なお、この仕組みの実現には以下のツールを利用しています。
また、将来的には以下のようなツールによるチェックも導入していこうと考えています。
-
Stylelint
- CSS用のリンター
-
Markuplint
- HTMLやアクセシビリティのリンター
特に後者のMarkuplintは正しいHTMLを書くための大きな助けになってくれるツールですので、個人的に非常におすすめです。
エラー監視体制の整備
安定したサービス運用のためには、障害やエラーに対して即時に反応できる体制を作っていくことが必須です。

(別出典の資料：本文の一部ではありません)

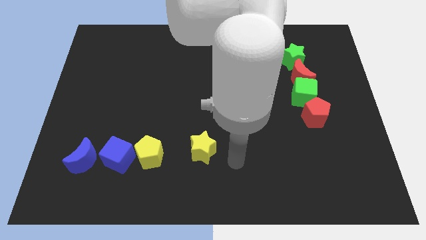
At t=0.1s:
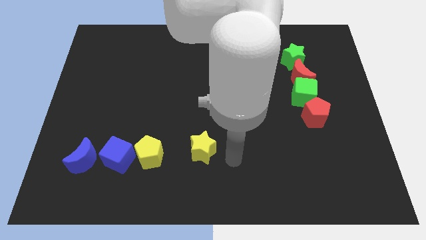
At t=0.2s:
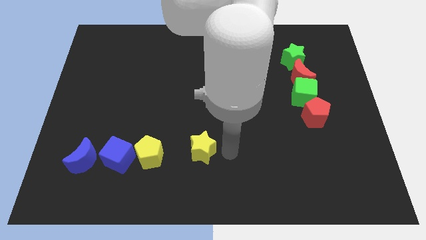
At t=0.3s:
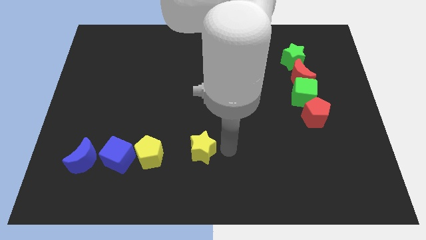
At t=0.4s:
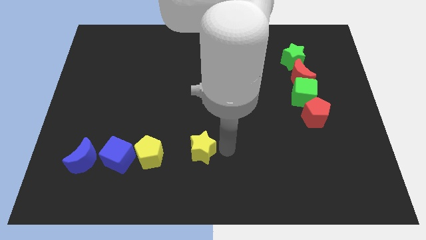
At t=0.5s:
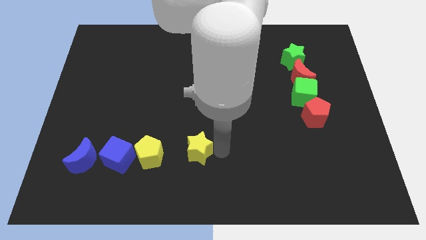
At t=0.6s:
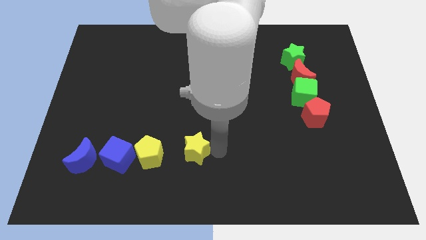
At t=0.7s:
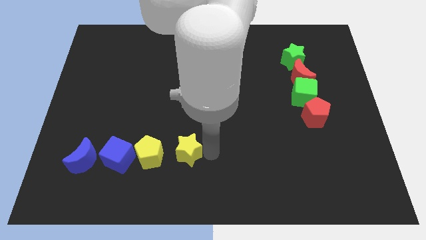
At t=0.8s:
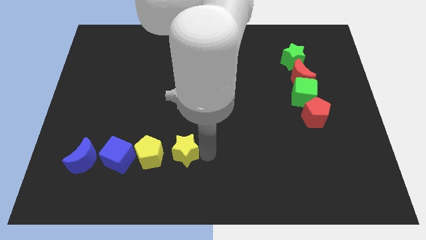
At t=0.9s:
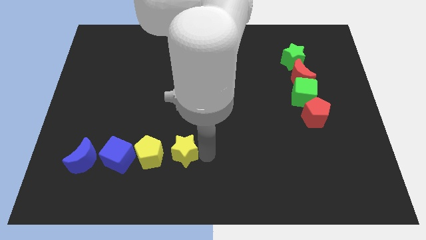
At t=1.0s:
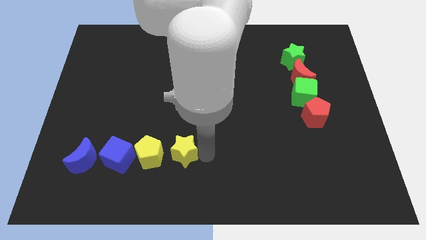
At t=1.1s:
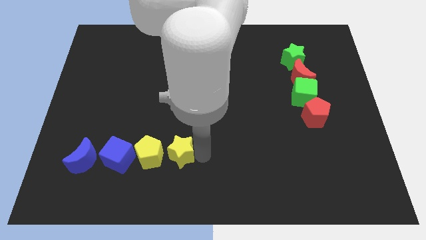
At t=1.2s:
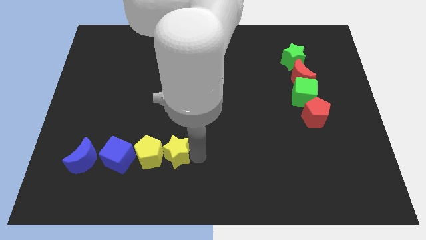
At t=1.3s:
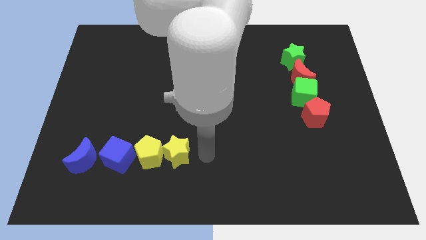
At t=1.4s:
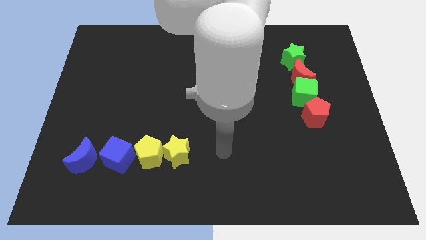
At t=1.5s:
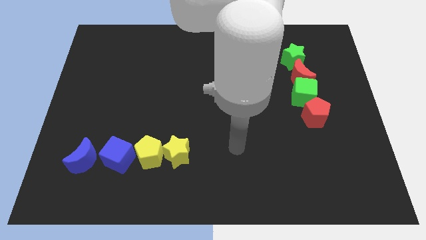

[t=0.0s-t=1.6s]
push the yellow star into the yellow pentagon

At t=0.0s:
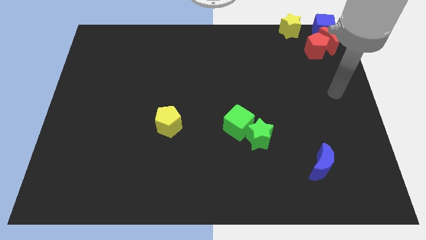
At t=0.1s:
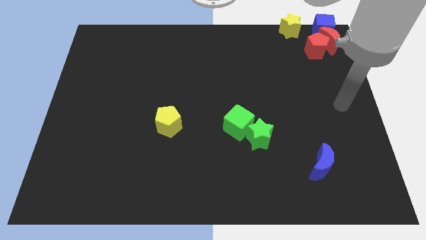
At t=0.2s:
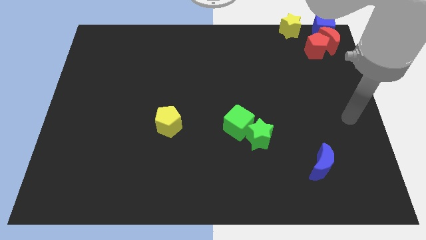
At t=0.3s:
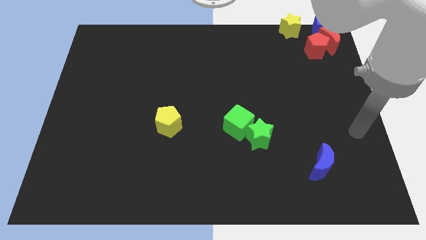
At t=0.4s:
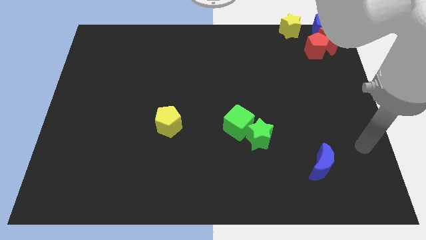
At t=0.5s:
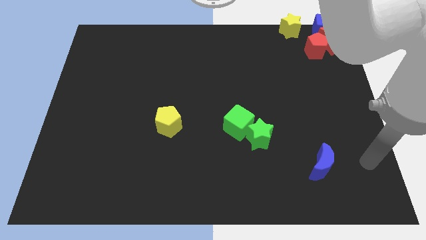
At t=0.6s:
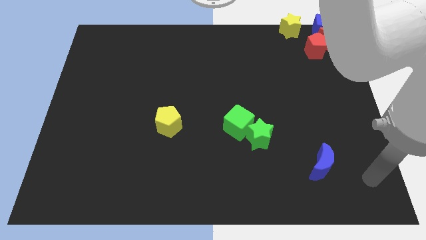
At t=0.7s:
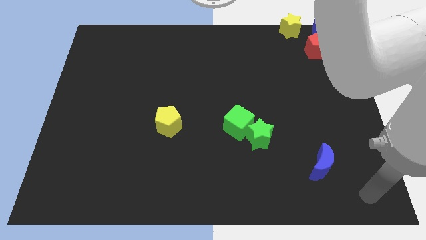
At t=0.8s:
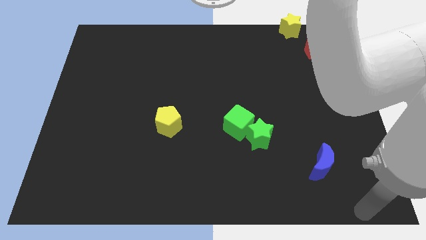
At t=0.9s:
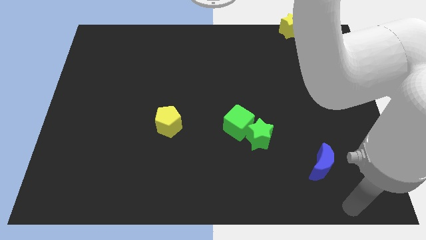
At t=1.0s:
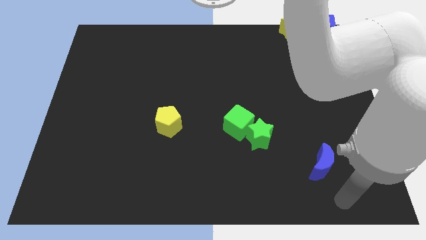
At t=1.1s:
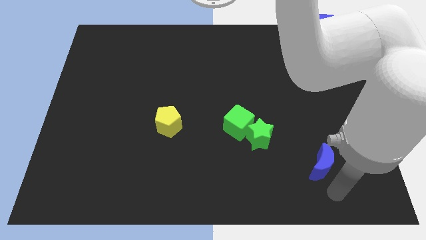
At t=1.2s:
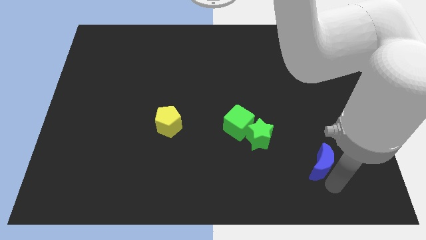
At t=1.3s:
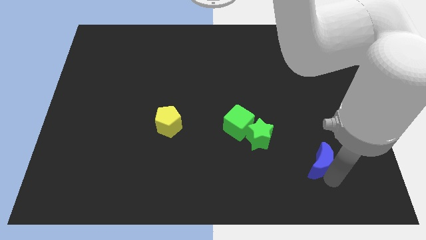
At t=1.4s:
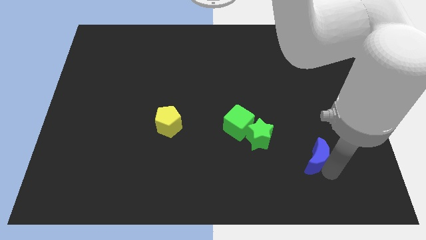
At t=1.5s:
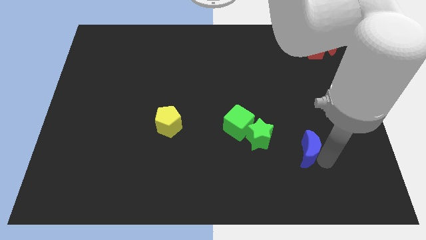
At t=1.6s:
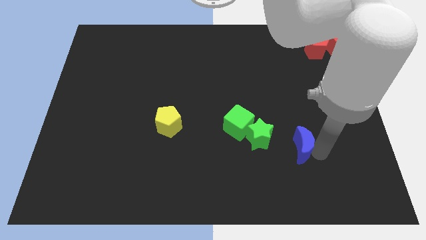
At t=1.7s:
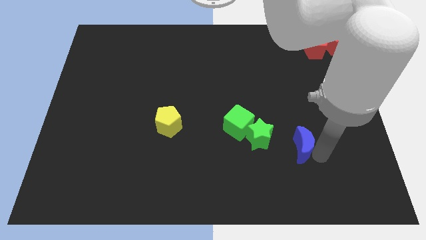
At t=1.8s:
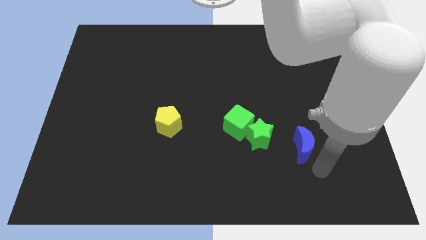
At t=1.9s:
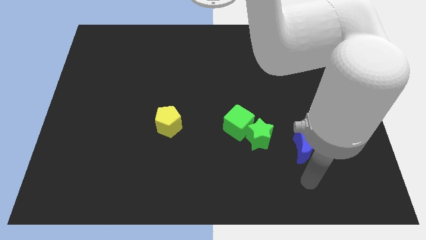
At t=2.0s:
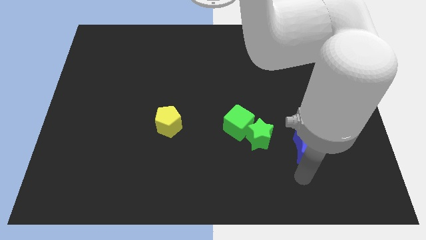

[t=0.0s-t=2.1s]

弊社では Datadog を導入しているため、以下のようなアラートを設定しました。
- 外形監視によるサーバダウンの検知
- ブラウザエラーの検知
- サーバエラーの検知
- など
アラートはSlackに通知され、担当エンジニアがすぐに反応できるようにしています。
ブランチ単位でのレビュー環境の整備
Heroku の Review Apps 機能を利用し、ブランチ単位で動作確認を行うことができる環境を構築しました。
これによって開発中の要件について容易に挙動を確認してもらうことができるようになりました。
今後やりたいこと
これまでは致命的なバグの修正や上記で紹介したような内部品質の向上で手一杯だったのですが、今後は新機能を追加しつつ、以下のようなこともやっていきたいと考えています。
- ユーザビリティやアクセシビリティの改善
- パフォーマンスの向上
- 状態管理ロジックの洗練
- など
まとめ
この記事では、外注によって初期開発を行なったシステムを内製に切り替えるためにやってきた具体的な実施事項についてご紹介しました。

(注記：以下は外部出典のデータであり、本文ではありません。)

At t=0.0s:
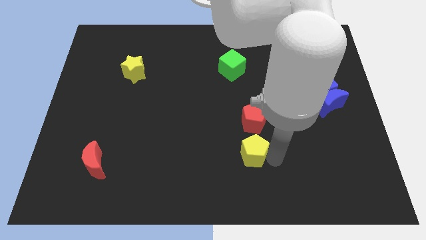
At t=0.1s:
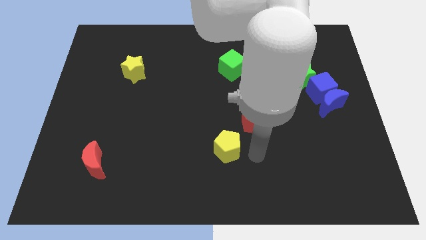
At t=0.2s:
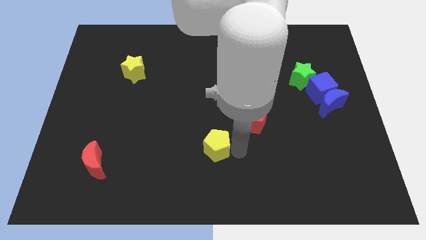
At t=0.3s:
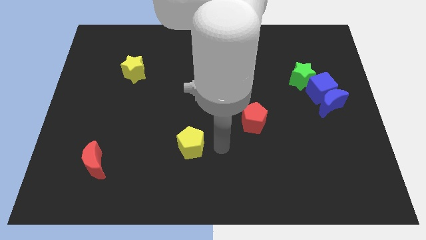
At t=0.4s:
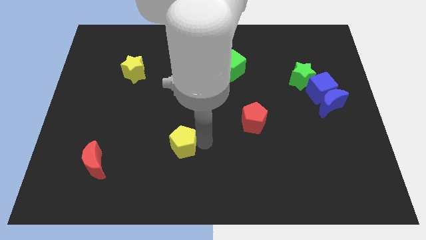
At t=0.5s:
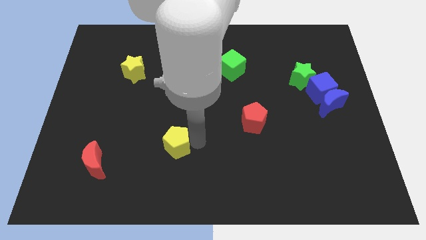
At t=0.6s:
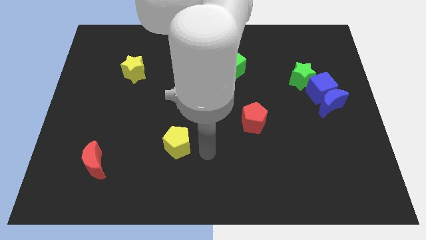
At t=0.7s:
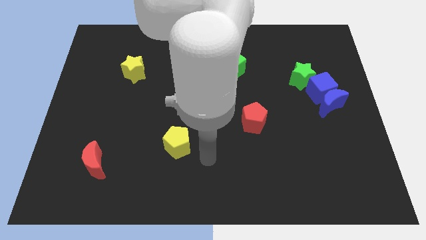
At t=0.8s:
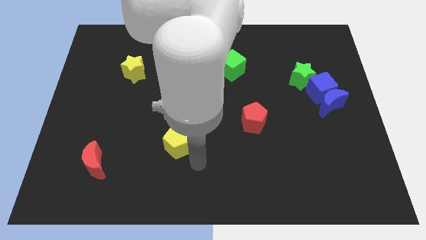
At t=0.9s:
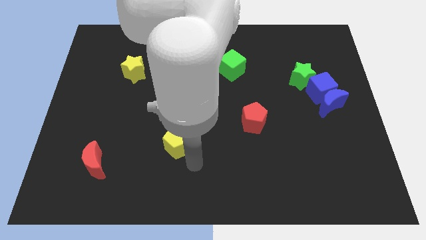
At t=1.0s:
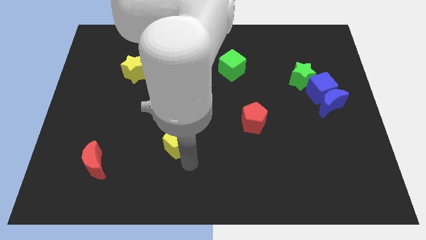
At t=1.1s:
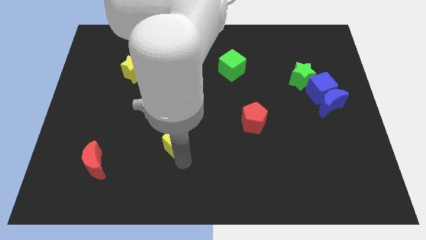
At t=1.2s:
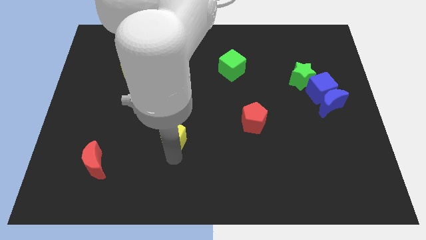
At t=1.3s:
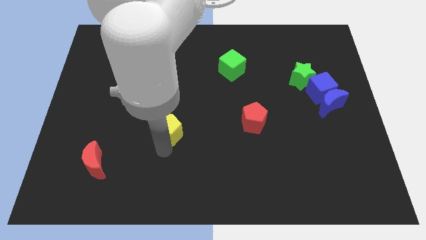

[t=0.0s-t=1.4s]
put the yellow pentagon diagonally in between the red blocks

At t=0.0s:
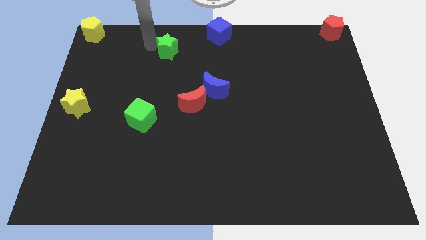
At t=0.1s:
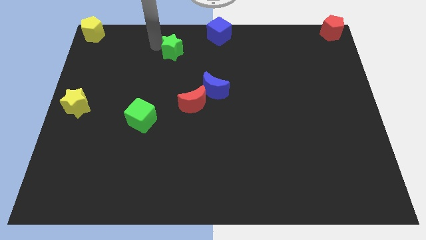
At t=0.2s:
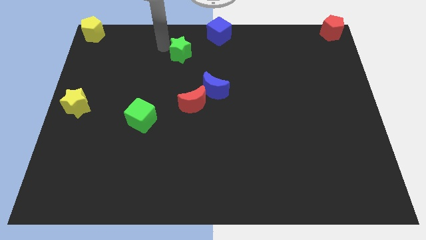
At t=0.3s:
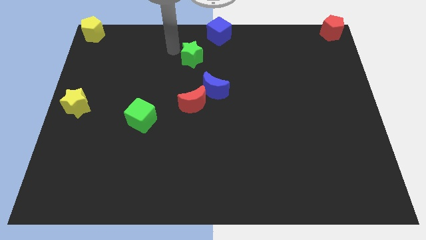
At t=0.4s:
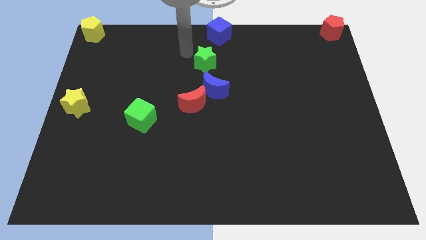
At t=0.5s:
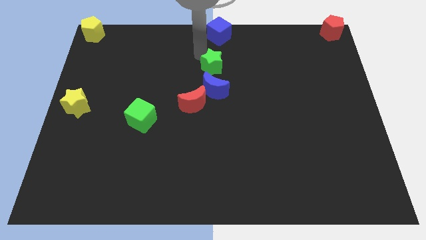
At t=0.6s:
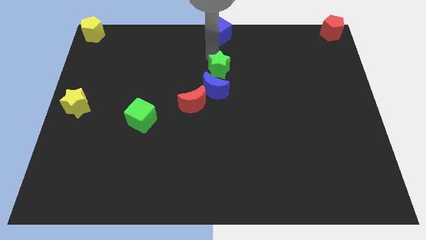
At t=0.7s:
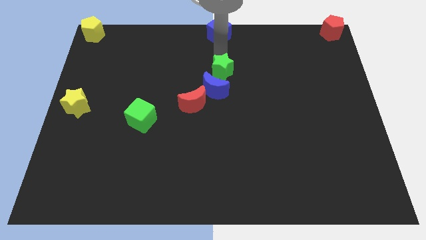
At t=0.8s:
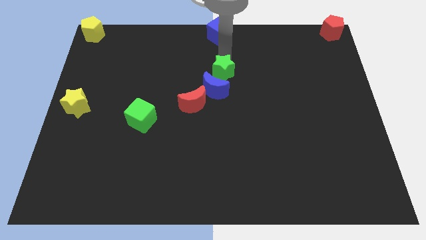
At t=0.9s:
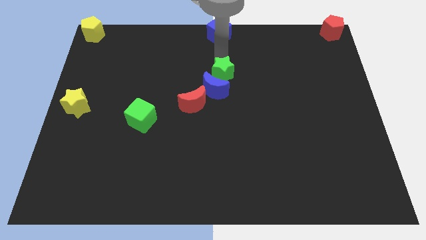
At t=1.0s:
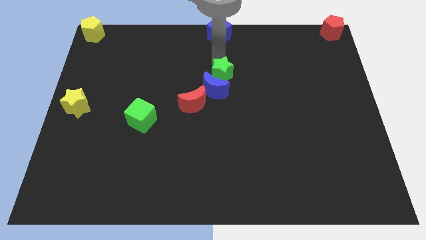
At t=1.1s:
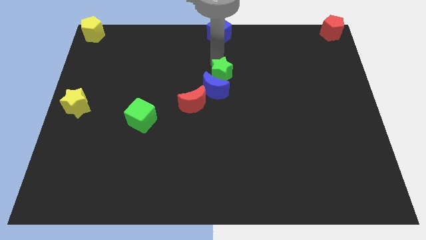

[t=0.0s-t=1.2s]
push the green star into the blue crescent from the top

細かい実施事項をいろいろと紹介しましたが、念頭においたのは下記の点です。
- 方針を決める。 一貫した判断ができるようにする。
- 自動化できるものは自動化する。 人間の貴重な時間はより重要なことに集中させる。
- 優先度をつける。 限られた時間の中で何に取り組むか明確にする。
- 課題を共有し、周囲の理解を得る。
冒頭にも書いたとおり、外注と内製にはそれぞれのメリット・デメリットがあります。
それぞれの特徴を理解し、外注する場合も、のちのち必要になる要件を明確に伝えることで、よりスムーズに内製に切り替えることが可能になるかと思います。
本記事で紹介した一つ一つの実施事項はかなり基礎的な内容ではありますが、少しでも参考になれば幸いです。